Problem requirements → Drop every image, then reproduce the data exactly as given.
--- Data supplied Enclosed Below ---
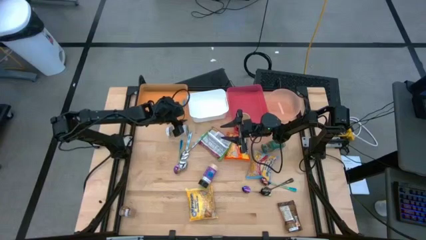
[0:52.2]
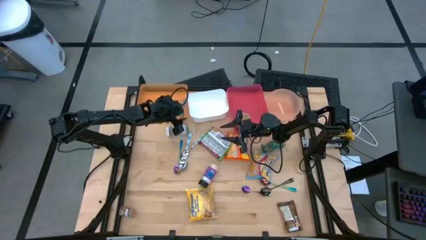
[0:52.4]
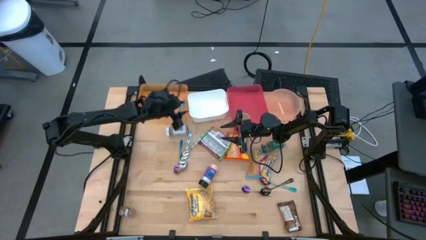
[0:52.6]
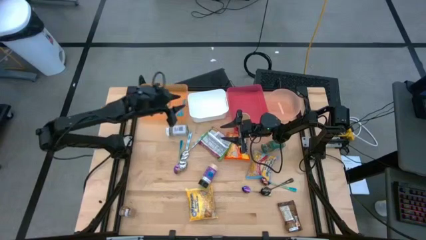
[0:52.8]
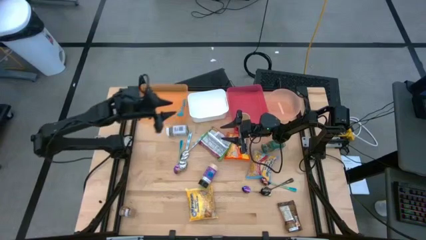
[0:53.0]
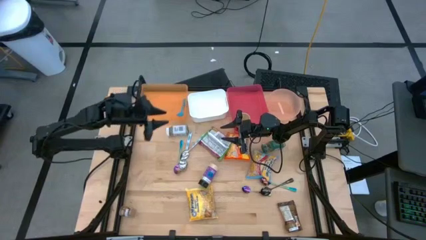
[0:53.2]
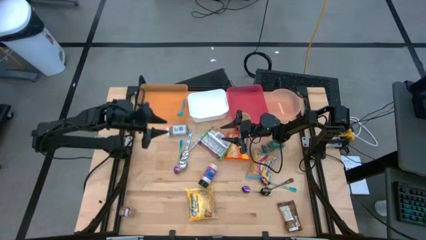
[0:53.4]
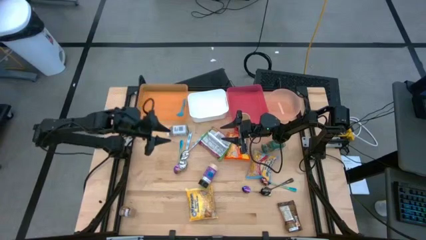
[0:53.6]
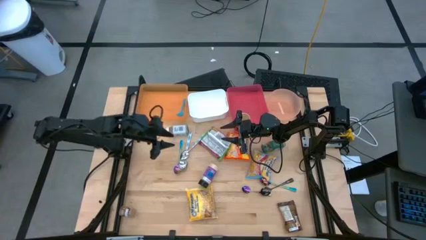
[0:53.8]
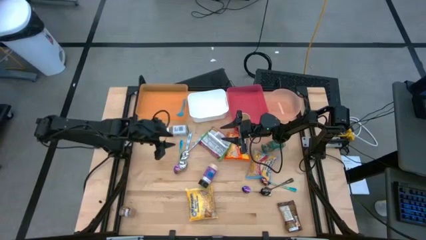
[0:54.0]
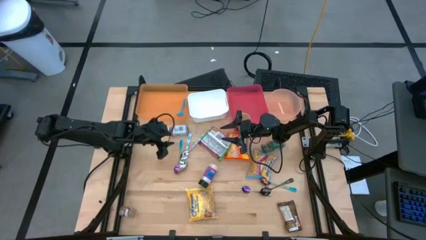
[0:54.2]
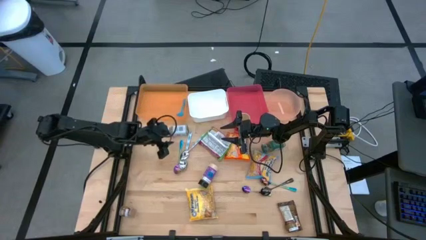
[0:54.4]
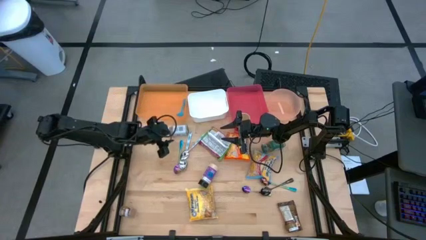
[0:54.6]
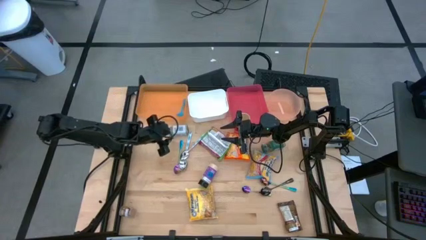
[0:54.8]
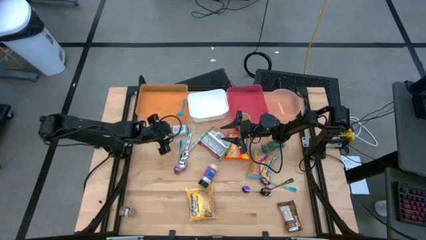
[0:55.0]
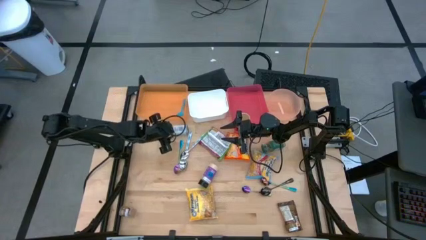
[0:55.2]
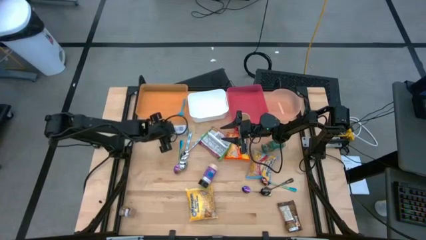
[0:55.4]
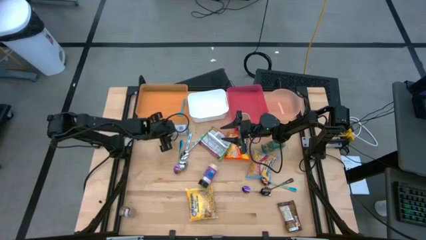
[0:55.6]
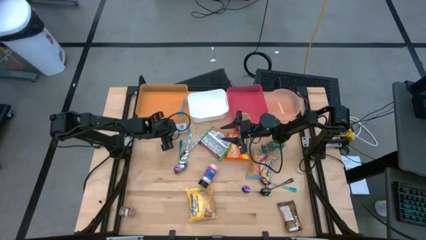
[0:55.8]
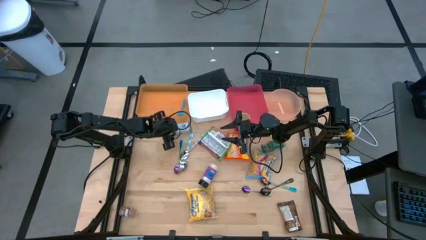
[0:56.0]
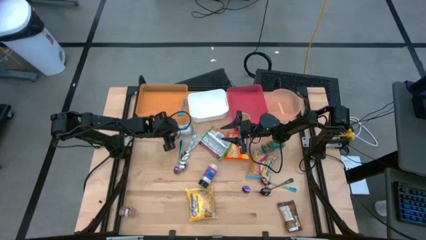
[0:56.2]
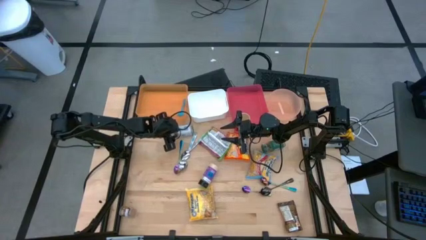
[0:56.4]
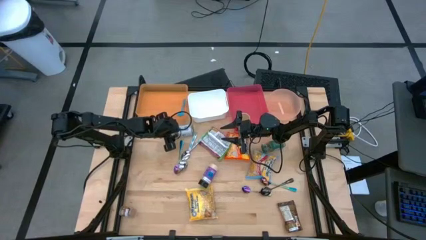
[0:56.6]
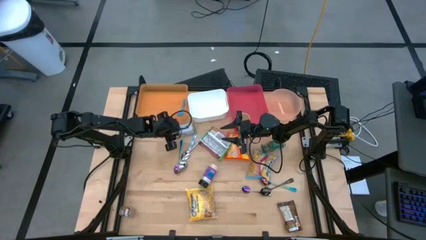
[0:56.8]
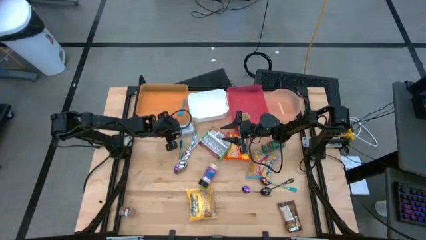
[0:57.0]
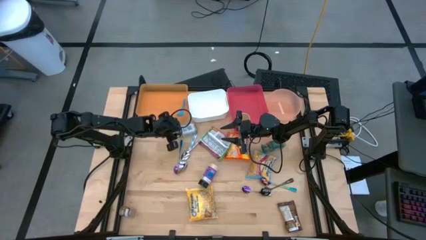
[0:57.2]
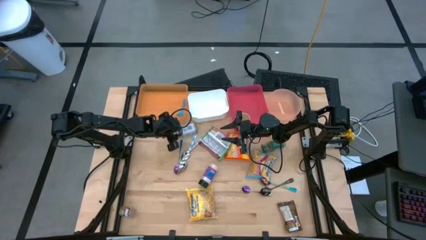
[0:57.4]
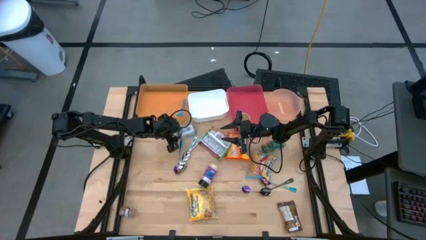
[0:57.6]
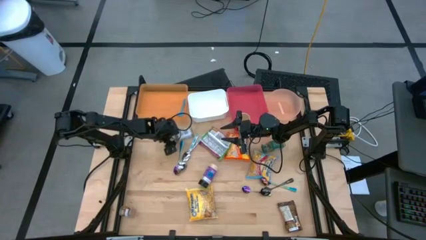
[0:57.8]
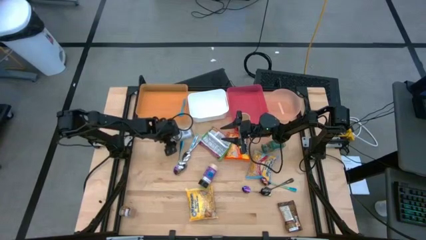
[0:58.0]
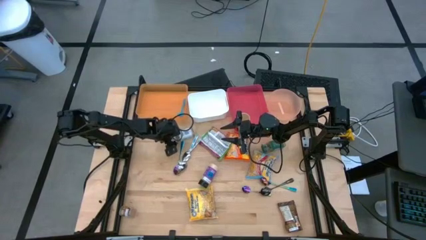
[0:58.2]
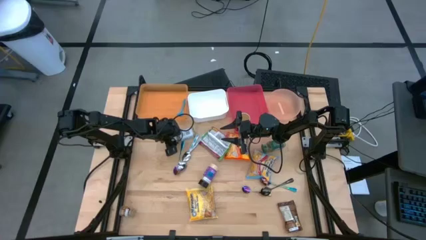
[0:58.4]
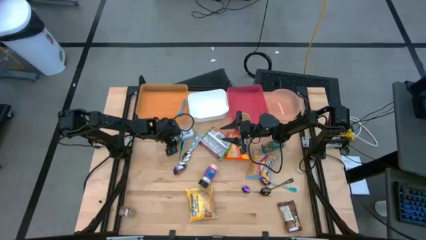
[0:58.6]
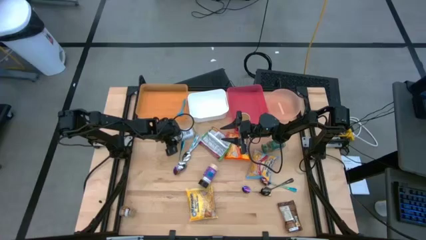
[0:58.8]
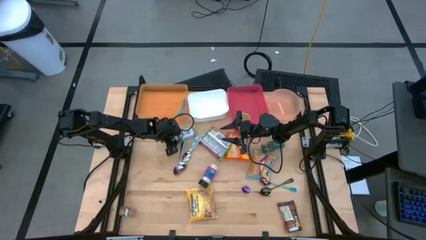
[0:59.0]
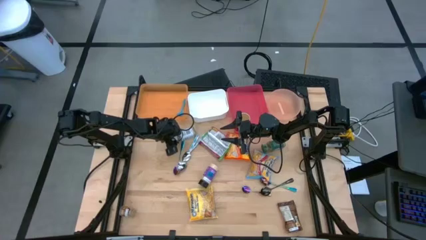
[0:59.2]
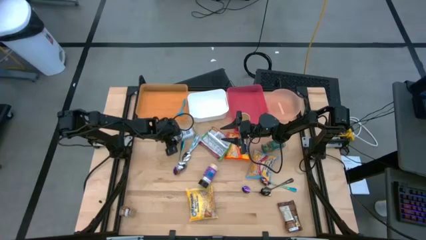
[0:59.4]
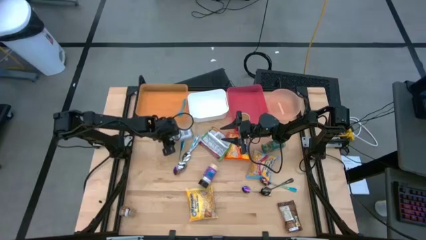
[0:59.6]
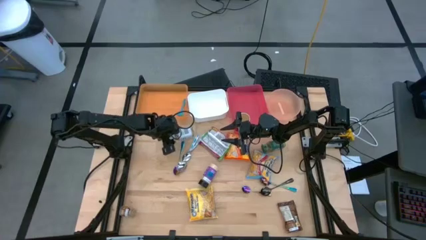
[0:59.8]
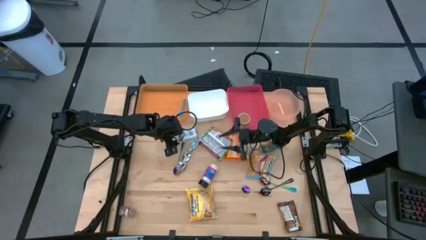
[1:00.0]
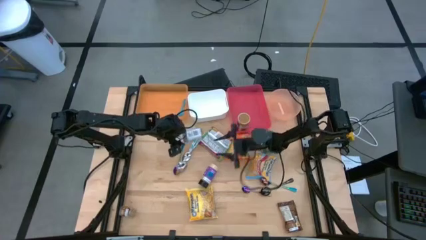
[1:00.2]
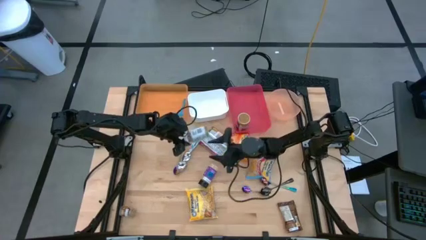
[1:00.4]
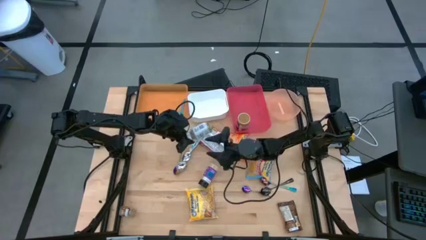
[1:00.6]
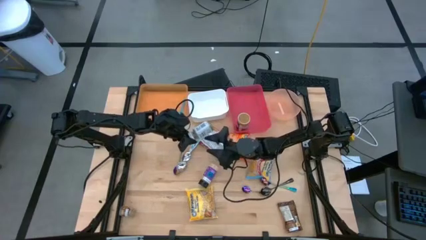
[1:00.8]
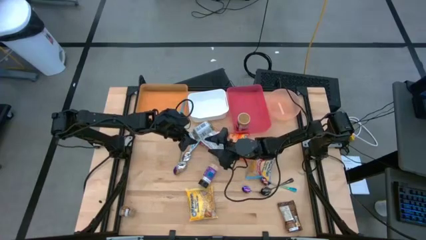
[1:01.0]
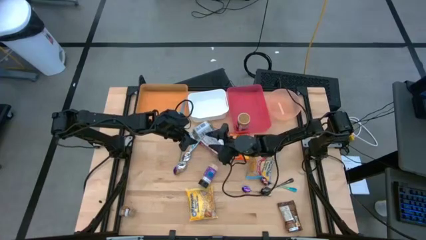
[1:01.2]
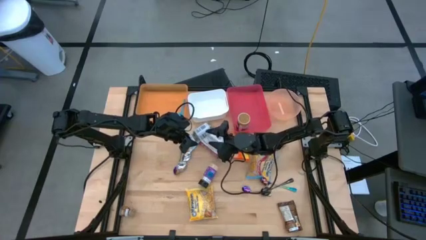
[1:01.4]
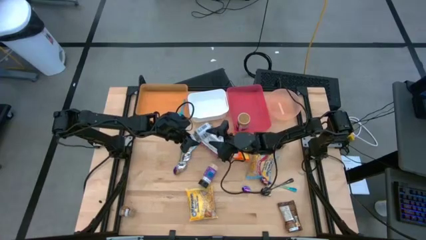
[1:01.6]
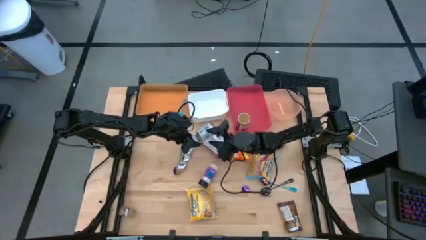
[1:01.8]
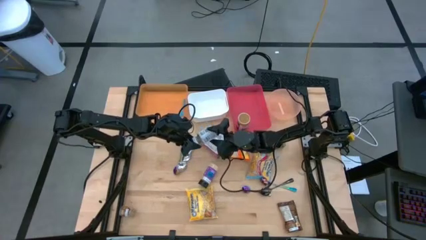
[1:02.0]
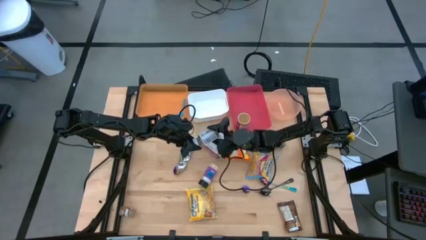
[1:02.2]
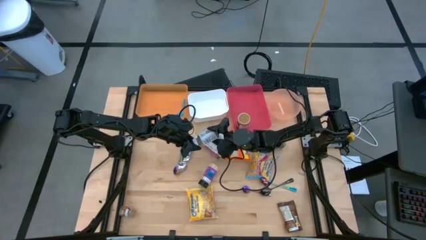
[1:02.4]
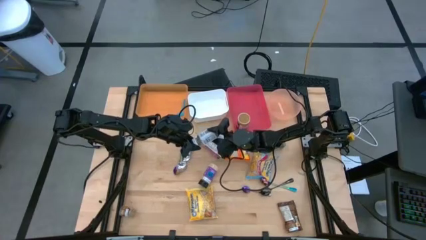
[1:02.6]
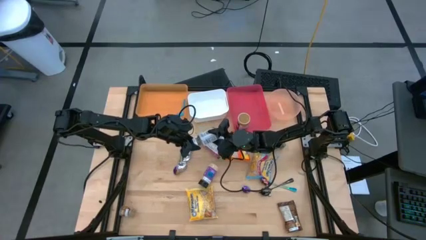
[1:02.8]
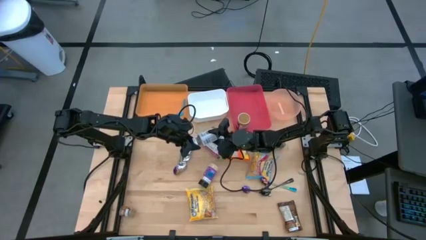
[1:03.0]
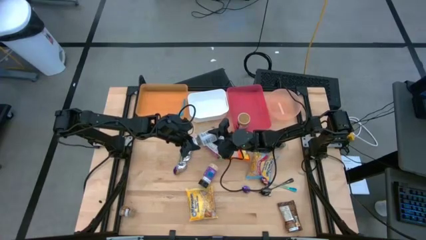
--- End of Enclosed Data supplied ---
Response for this exercise →
[0:52.2]
[0:52.4]
[0:52.6]
[0:52.8]
[0:53.0]
[0:53.2]
[0:53.4]
[0:53.6]
[0:53.8]
[0:54.0]
[0:54.2]
[0:54.4]
[0:54.6]
[0:54.8]
[0:55.0]
[0:55.2]
[0:55.4]
[0:55.6]
[0:55.8]
[0:56.0]
[0:56.2]
[0:56.4]
[0:56.6]
[0:56.8]
[0:57.0]
[0:57.2]
[0:57.4]
[0:57.6]
[0:57.8]
[0:58.0]
[0:58.2]
[0:58.4]
[0:58.6]
[0:58.8]
[0:59.0]
[0:59.2]
[0:59.4]
[0:59.6]
[0:59.8]
[1:00.0]
[1:00.2]
[1:00.4]
[1:00.6]
[1:00.8]
[1:01.0]
[1:01.2]
[1:01.4]
[1:01.6]
[1:01.8]
[1:02.0]
[1:02.2]
[1:02.4]
[1:02.6]
[1:02.8]
[1:03.0]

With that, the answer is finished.